Metric square up guitars and oohs to unscallable heights.

The fact that Metric have hit their latest album and find themselves self-releasing ‘Fantasies’ via the newly formed Metric Music International, is testament to the ridiculous hesitancy with which pre-formed labels are showing bands; but at the same time demonstrates this group’s ability to prove their artistic integrity. Fair to say that by their fourth long player, Metric are well worth taking that leap of faith for and exploring.

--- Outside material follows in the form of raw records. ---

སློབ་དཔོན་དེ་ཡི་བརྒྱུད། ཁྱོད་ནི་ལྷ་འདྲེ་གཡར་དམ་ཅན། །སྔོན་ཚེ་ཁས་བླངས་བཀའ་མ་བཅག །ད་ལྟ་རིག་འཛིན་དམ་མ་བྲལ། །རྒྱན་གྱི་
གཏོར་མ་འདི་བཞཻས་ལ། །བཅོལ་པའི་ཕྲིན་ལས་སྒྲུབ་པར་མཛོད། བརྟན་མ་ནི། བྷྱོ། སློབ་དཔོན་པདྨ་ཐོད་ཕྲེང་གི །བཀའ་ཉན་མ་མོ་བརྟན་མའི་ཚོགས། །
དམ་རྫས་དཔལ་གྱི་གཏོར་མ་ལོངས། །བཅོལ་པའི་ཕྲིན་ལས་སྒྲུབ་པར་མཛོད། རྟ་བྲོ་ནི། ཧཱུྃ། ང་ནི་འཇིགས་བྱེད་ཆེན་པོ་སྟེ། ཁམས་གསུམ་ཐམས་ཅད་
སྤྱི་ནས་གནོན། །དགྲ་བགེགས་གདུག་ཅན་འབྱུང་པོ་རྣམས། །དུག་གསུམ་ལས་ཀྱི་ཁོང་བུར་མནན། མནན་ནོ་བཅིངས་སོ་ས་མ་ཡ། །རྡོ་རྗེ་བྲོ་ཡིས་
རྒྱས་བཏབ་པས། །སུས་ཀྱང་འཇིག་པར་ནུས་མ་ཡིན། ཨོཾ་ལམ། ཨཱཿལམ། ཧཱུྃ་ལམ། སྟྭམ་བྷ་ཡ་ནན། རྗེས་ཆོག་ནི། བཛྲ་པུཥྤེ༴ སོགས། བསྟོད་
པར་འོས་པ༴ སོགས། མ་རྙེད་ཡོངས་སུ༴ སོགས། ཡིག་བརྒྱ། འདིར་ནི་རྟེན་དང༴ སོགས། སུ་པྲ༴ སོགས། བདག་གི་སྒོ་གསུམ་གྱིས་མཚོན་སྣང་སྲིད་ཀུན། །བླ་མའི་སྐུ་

Combining wit and sass, Emily Haines has lost nothing of her vocal and lyrical potency despite the amassing years passed. Opening track ‘Help I’m Alive’ crams about a minimum of 3 songs into its four and half minutes – an industrial Depeche Mode, The Breeders knack with chorus construction and some bubblegum pop. The drilling guitar line is certainly secondary to Haines’ craftily luxurious voice, whose tone is just set to unfurrow brows.

Not ones for unnecessary pretention, Metric unleash erratic and uncouth guitars, with motion that takes over on ‘Gimme Sympathy’ – one of those convincing amalgamations of band influences, the referencing of The Beatles and The Rolling Stones, which magically doesn’t stick in your ears. In an evenly rounded move, singing “Come on baby play me something / Like ‘Here Comes The Sun’” the band sound uncomplicated but no less convincing.

Darkening somewhat, Haines and the ever-evident Shaw slip into a maze-like synth during ‘Blindness’. It finally breaks these circling shackles for the freedom of guitars and bright, shiny vocals as she assures us to “Leave it up to me”. Where Emily’s vocal is relatively low impact it seems likely why they draw the listener in, and as the focus of attention shifts the dirty rousing bass in ‘Satellite Mind’ claims another soul. Unlike some of their current counterparts, Metric have delved further into using what they know; already being rather au fait with synthesisers, new wave and post punk, ‘Stadium Love’ is, as Haines lyric reiterates, “neck and neck” with everyone’s newly synth’d up Yeah Yeah Yeahs. The song itself is an oddly catchy ender with its duelling denizens of the animal kingdom: trading a cougar for a bat? Well… alright. How about an owl versus a dove? Yeah, I suppose we’d all quite like to see that – would the dove really have less killer instinct?

But, we digress. Metric square up guitars and oohs to unscallable heights and fortunately it burns itself into a reverb stupor rather than inciting us into a royal rumble against our own speakers, however much that would have made for an unexpected ending to these ten tunes. And in many ways ‘tunes’ is the most appropriate name for them, given that they encompass an expansive sound, one comparatively taut but all the while gaining horizontal ground.

‘Sick Muse’ is by far the most Garbage, made-for-radio, sexy of these ‘tunes’ – fortunately so as it’s their next single – and a spot on ditty complete with cupid berating, uplifting chorus and feisty verses. Alternately there’s the most repetitively winsome track on the album to contend with in the form of ‘Collect Call’, with a disco-smooth epicentre and waves of simple, prettily delivered lines and tracking synth. The most elevating of which must be in the line “If somebody’s got soul / You gotta make them move”. The frequent simplicity on ‘Fantasies’ is, once again, certainly its top trump.

There are a couple of ever so slightly overdone melodramas on this album, but within a myriad of perfected pop, it’s very little to ask that you sit through just six less-evocative minutes. And like the best ventures into the unknown, it’s far more satisfying when things turn out for the best.